### What to work on
Within the data that follows, set down exactly the lines from the one containing "state = 'b001100;" through the one containing "state = 'b010000;", both ends included.

### Given entries

####################

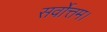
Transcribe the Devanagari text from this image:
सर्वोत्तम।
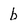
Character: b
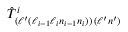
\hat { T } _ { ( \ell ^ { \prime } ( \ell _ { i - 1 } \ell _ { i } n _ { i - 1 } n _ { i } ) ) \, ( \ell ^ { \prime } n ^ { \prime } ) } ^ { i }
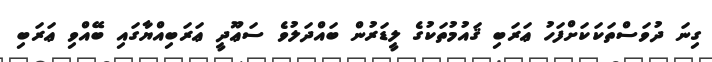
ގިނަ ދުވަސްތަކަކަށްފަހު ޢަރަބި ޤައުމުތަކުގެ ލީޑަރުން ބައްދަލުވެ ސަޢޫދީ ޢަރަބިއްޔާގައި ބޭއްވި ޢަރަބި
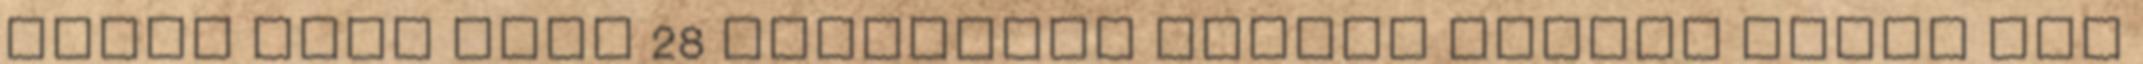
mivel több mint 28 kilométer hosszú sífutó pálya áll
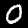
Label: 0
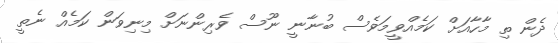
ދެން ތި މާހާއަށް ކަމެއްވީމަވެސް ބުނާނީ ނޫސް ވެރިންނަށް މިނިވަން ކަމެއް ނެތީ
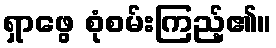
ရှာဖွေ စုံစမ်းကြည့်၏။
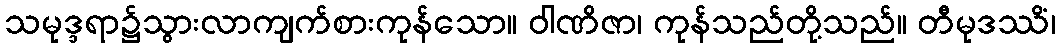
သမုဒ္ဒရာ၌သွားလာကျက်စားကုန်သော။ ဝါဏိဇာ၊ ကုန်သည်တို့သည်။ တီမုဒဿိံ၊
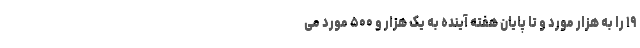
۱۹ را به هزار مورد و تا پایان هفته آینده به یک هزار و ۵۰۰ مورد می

####################

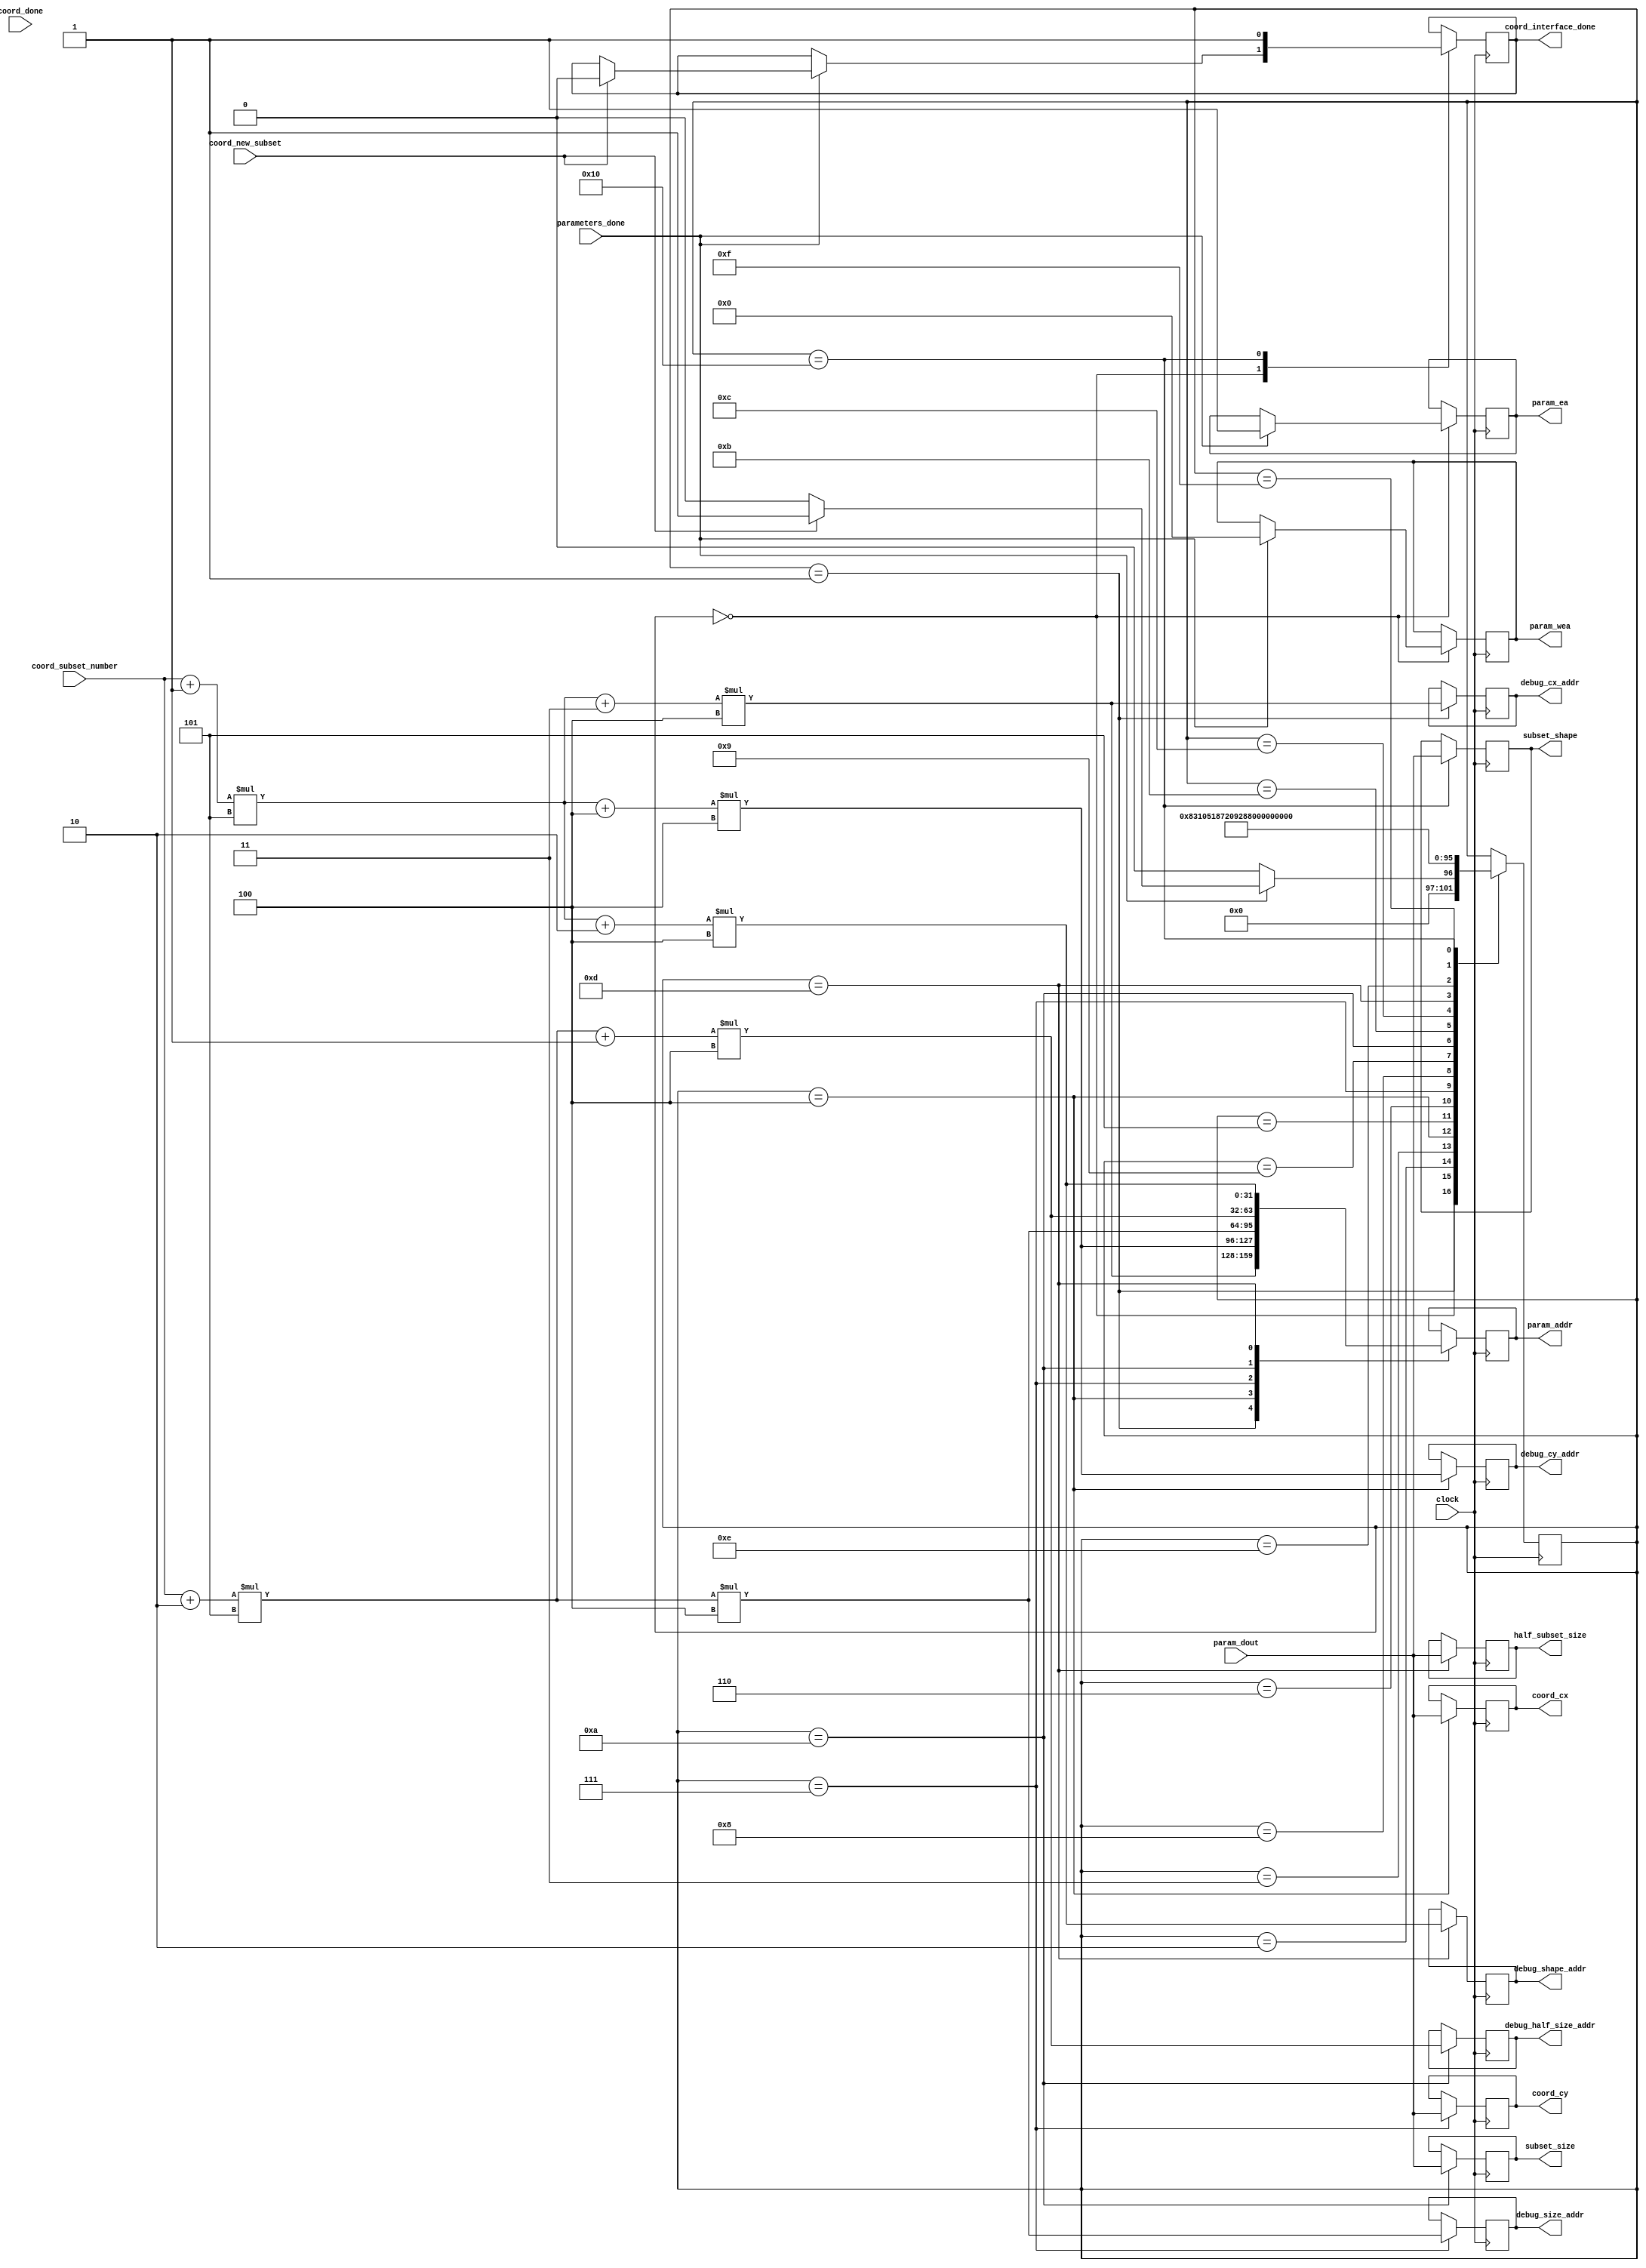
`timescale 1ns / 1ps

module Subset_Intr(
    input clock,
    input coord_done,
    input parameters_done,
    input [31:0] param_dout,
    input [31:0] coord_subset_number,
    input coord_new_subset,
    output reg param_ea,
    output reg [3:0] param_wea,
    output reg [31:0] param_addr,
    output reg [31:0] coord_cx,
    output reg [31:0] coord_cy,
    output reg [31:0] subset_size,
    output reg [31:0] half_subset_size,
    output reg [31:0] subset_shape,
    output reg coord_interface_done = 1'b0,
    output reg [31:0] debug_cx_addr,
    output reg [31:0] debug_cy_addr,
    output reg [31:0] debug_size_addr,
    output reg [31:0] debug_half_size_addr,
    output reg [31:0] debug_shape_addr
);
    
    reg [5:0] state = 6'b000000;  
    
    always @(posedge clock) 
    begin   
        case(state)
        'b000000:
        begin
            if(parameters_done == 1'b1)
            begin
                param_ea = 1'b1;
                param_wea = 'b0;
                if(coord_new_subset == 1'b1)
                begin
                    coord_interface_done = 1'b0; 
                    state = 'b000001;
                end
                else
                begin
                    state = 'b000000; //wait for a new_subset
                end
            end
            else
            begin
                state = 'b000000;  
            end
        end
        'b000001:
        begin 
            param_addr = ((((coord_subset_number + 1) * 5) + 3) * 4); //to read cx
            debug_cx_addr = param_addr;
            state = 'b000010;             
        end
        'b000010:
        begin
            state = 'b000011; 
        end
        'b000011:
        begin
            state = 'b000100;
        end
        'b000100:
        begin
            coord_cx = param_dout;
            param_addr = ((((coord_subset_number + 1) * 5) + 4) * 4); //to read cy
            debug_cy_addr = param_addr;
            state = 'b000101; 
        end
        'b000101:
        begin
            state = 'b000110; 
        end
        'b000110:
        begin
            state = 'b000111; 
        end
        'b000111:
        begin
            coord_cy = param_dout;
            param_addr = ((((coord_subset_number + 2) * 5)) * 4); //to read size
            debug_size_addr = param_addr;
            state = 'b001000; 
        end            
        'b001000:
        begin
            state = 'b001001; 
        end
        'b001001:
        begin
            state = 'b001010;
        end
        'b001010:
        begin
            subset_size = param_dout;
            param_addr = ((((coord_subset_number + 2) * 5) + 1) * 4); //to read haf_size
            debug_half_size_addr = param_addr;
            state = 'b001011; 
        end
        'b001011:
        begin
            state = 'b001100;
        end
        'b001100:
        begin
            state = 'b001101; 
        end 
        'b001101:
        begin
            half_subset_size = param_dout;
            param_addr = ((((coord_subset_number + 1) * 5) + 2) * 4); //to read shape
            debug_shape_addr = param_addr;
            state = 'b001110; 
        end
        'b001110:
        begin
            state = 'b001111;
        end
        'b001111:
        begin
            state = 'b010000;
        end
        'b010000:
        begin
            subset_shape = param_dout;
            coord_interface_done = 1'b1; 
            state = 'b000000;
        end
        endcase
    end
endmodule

####################

### Exercise response
            state = 'b001100;
        end
        'b001100:
        begin
            state = 'b001101; 
        end 
        'b001101:
        begin
            half_subset_size = param_dout;
            param_addr = ((((coord_subset_number + 1) * 5) + 2) * 4); //to read shape
            debug_shape_addr = param_addr;
            state = 'b001110; 
        end
        'b001110:
        begin
            state = 'b001111;
        end
        'b001111:
        begin
            state = 'b010000;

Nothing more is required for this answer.